The Comet roadmap already calls this out:

> Improving memory accounting, reservation strategies, and spill integration will reduce out-of-memory errors and allow Comet to make better use of available resources, especially in multi-query and multi-task environments.

## Describe the potential solution

Two complementary mechanisms, both backed by **real allocator stats** rather than voluntary reservations:

### 1. Online accounting / observability

DataFusion PR [apache/datafusion#22626](https://github.com/apache/datafusion/pull/22626) introduces allocator-level accounting that measures actual heap usage independent of voluntary pool reservations. Comet already does the *offline* version of exactly this: `native/common/src/bin/analyze_trace.rs` "compares jemalloc usage against the sum of per-thread Comet memory pool reservations [and] reports any points where jemalloc exceeds the total pool size." The proposal is to make this an online signal so the divergence can drive behavior (and ultimately retire the `memoryPool.fraction` heuristic).

### 2. A process-level RSS circuit breaker (OomGuard)

Wrap the global allocator to maintain a running estimate of memory headroom, periodically resynced from real resident memory. The proposed design has a few notable properties:

- **A global-allocator wrapper tracks alloc/dealloc deltas.** Each allocation debits and each free credits a running balance.
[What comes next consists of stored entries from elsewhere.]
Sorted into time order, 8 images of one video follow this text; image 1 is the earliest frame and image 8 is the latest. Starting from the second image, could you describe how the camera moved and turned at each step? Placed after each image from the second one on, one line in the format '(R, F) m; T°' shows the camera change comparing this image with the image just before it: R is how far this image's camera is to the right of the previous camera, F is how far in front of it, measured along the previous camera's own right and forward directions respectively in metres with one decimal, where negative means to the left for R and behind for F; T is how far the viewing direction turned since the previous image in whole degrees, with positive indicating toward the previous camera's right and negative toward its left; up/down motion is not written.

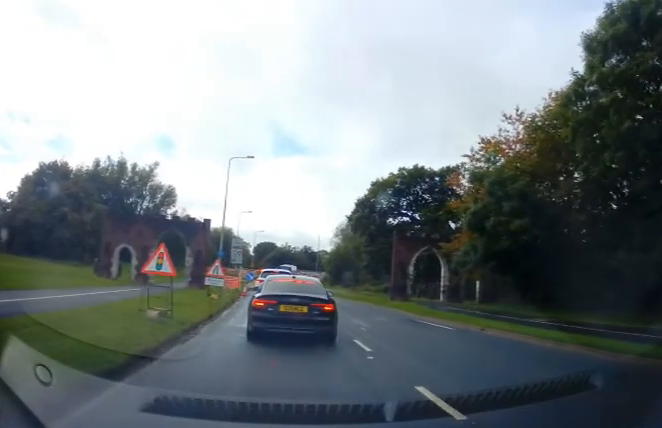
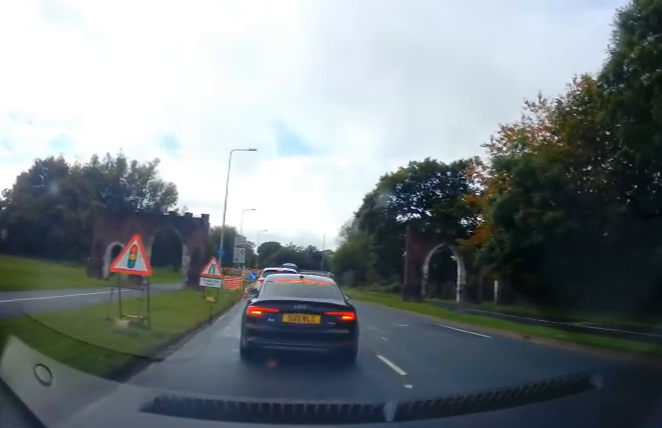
(+0.3, +1.6) m; 0°
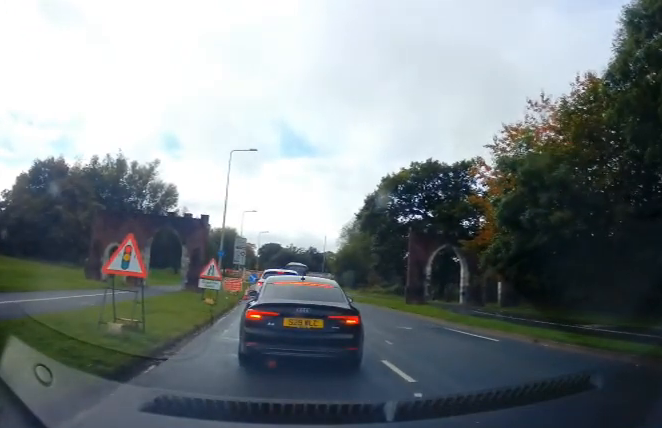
(+0.1, +0.3) m; 0°
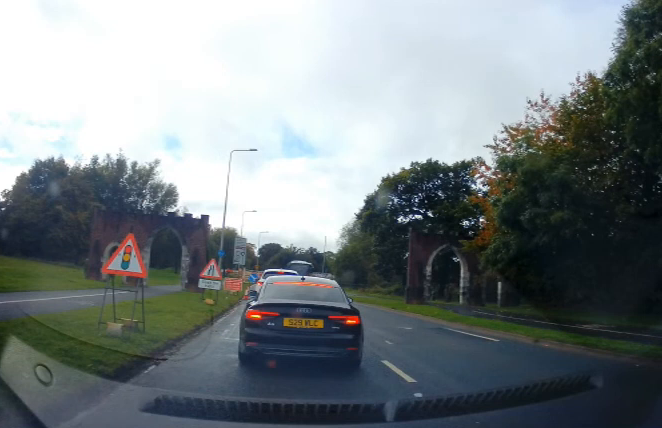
(0.0, 0.0) m; 0°
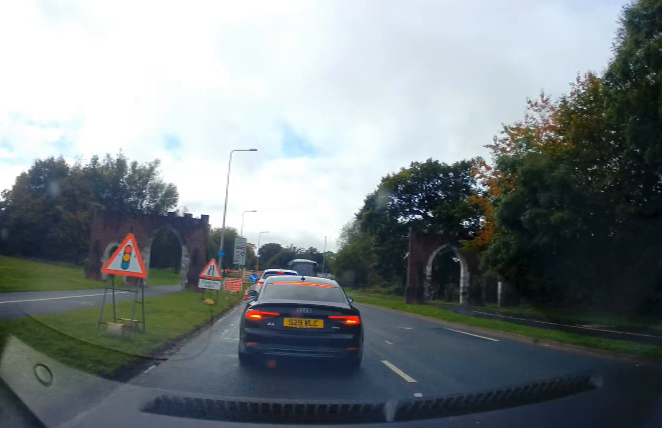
(0.0, 0.0) m; 0°
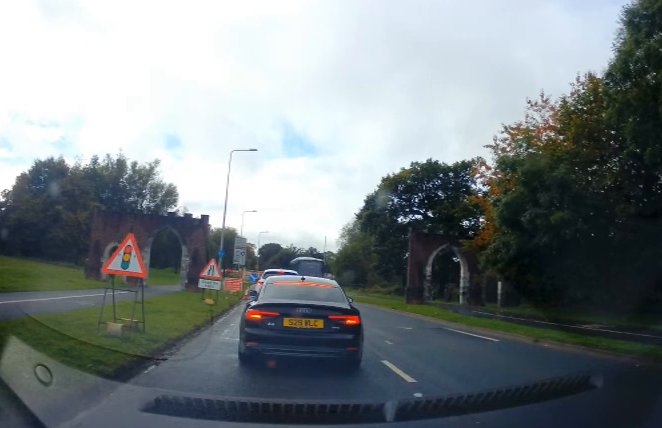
(0.0, 0.0) m; 0°
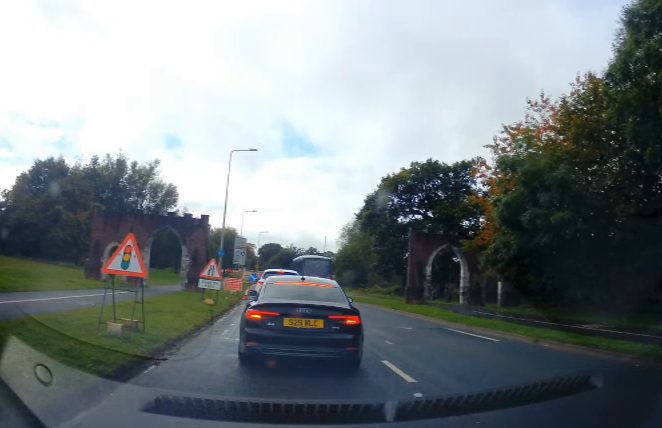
(0.0, 0.0) m; 0°
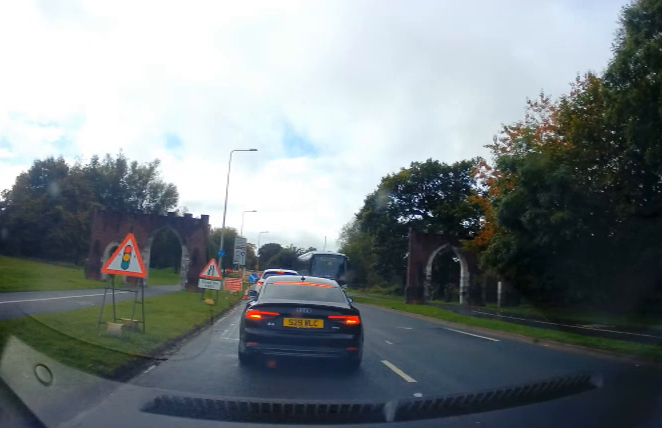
(0.0, 0.0) m; 0°
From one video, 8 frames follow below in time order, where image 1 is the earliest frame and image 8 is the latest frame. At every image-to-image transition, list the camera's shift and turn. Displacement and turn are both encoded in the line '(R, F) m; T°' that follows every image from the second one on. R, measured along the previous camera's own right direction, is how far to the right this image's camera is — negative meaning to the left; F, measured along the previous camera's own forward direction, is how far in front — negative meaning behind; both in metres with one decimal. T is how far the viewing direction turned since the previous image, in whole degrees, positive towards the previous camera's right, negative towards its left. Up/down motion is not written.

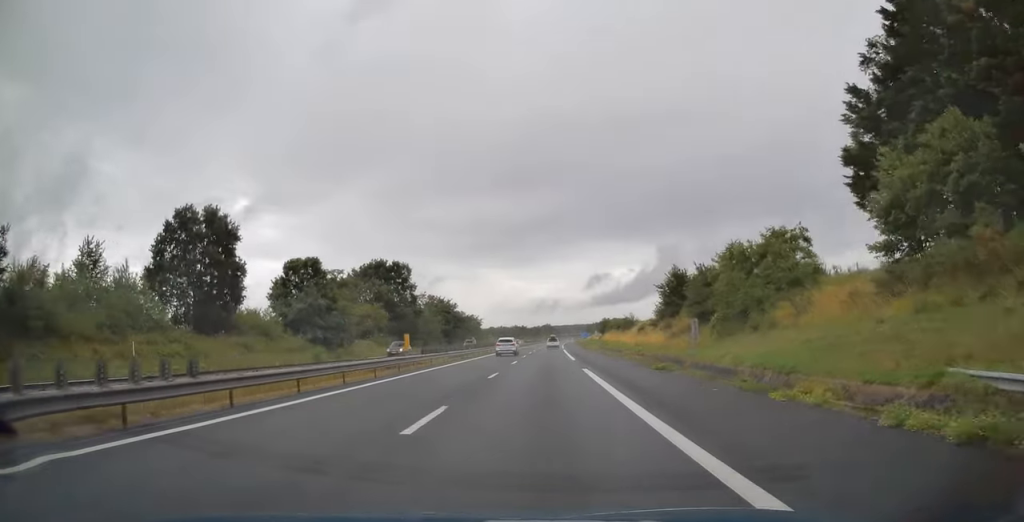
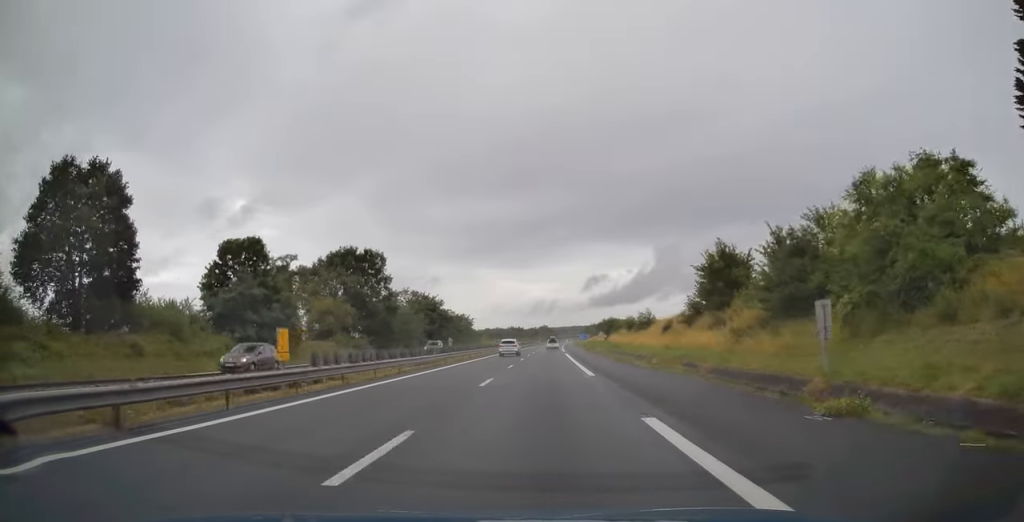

To avoid contention, the balance is kept per-thread and only settled into a shared atomic bank when per-thread drift crosses a threshold (e.g. 64 KB), so the common path is a thread-local add with no atomics.
- **The fast path is free when disarmed.** A single relaxed atomic load gates the whole mechanism, so until the guard is explicitly armed (and on any unstamped thread) the wrapper costs effectively nothing versus the inner allocator.
- **Ground truth comes from the allocator's resident stat, not the running tally.** A periodic poll resyncs the bank to `threshold - resident` each tick (jemalloc's `resident`, refreshed via its `epoch`). The per-alloc tracking only estimates drift between ticks; the poll drags it back to truth so dealloc-credit slop cannot accumulate.
- **Only "stamped" worker threads enforce.** Query-worker threads are marked at runtime construction (`on_thread_start`); control-plane and the poll task itself stay unstamped so they never self-panic and can keep running to recover the balance after a query unwinds.
- **Enforcement is a typed panic caught at the task boundary.** When a stamped thread allocates while over threshold, it panics with a typed payload carrying the overdraft amount. The panic is caught at the task boundary and converted into a recoverable `ResourcesExhausted` error rather than letting the process die. Credits (frees) never fire the kill, and a re-entrant panic during unwinding is suppressed to avoid a double-fault.
- **The threshold is derived from the memory budget**, typically a high-water fraction (e.g. ~95%) of the container/cgroup memory limit.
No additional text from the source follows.